Why you shouldn't use OSM's "Standard" layer in your map

Posted by SomeoneElse on 5/17/2024

Example of different map styles

Let’s imagine that you’re a pizza delivery company, and you’ve got an app that shows where you are, where your customers are and where a delivery person is between the two. Obviously you need some sort of map that shows the three in context. You can’t use Google Maps for cost or other reasons, and whatever framework your using will accept raster tiles in the almost universal format https://server/Z/X/Y.png, so why not use OpenStreetMap’s standard layer? After all, it’s free!


  • It’s not free, in the sense of free laid out in the tile usage policy. That doesn’t mean that OSM doesn’t tolerate or even encourage some use of those tiles, but it does mean that you have no service level agreement - you probably won’t even get warned if your use is prevented at some point in the future.

  • It’s not a great background map. The “OSM Carto” style tries to do two things at once - it tries to provide feedback to OSM mappers and it tries to be a “nice” standalone map. Both of those make its use as a background less than ideal. To see some alternative map styles (some of which are designed as background maps) have a look at openwhatevermap.xyz.

  • It’s updated on the fly. While OpenStreetMap gets surprisingly little vandalism considering the scale and visibility of the project, it does get some; and any map that is instantly updated will show what there is until the vandalism is fixed both in both the map data and the server-side infrastructure. Your pizza delivery company probably only needs to process updates to a map layer for a small area and when new roads and new housing estates are built; perhaps once every few months or so.

So what can you do?

It’s important to remember that OpenStreetMap’s Data is still free. You’re welcome to use that, and plenty of companies are willing to help.

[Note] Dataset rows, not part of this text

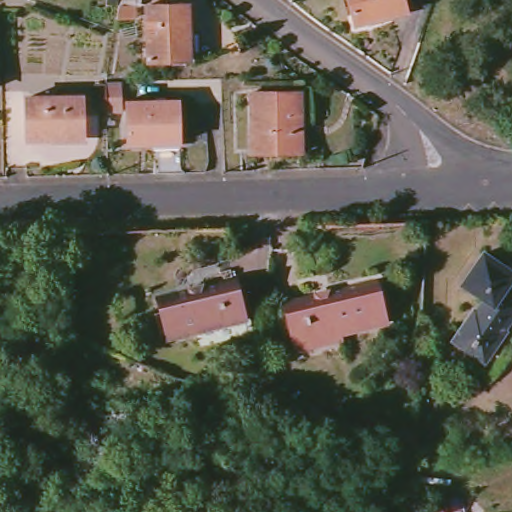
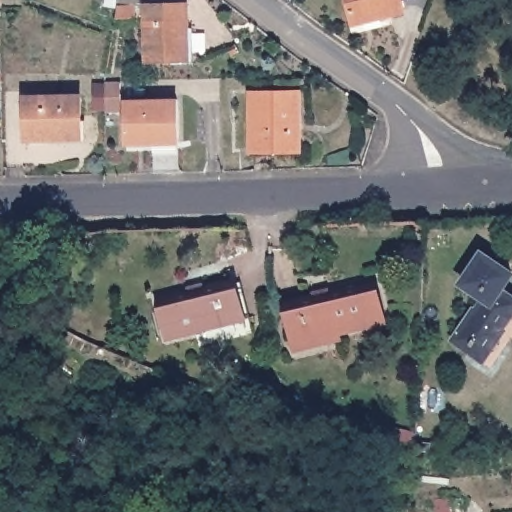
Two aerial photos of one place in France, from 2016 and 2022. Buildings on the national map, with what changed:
unchanged [(403,0),(406,10),(356,23),(350,0),(403,0)]
unchanged [(148,4),(189,3),(190,41),(184,41),(184,59),(149,59),(148,4)]
unchanged [(122,81),(122,111),(107,112),(107,81),(122,81)]
unchanged [(252,92),(299,91),(300,129),(295,129),(296,150),(253,150),(252,92)]
unchanged [(66,140),(28,140),(27,96),(82,95),(83,132),(84,139),(66,140)]
unchanged [(155,173),(154,143),(128,144),(127,101),(179,100),(181,167),(183,172),(155,173)]
unchanged [(456,341),(475,312),(477,313),(486,300),(462,284),(482,254),(512,274),(512,278),(503,292),(512,298),(512,316),(503,330),(504,332),(491,352),(485,360),(472,351),(456,341)]
unchanged [(195,337),(193,327),(161,335),(151,294),(233,274),(243,315),(245,324),(195,337)]
unchanged [(293,353),(291,345),(281,304),(378,280),(389,321),(342,332),(344,341),(293,353)]
unchanged [(418,455),(418,445),(418,443),(431,443),(431,457),(418,455)]

If you can’t afford that, and can only spare about the price of an average-sized pizza a month, you can do it yourself. Deploying a map as described on this page could cost under €10 per month. If you want to run occasional updates, that’s documented too - just run it whenever it’s convenient for you.

– Andy

(a member of the DWG, and also a maintainer of the “switch2osm” site, but writing this in an entirely personal capacity)

The screenshot at the top is from openwhatevermap - click through from there to see the details of each style and terms of use.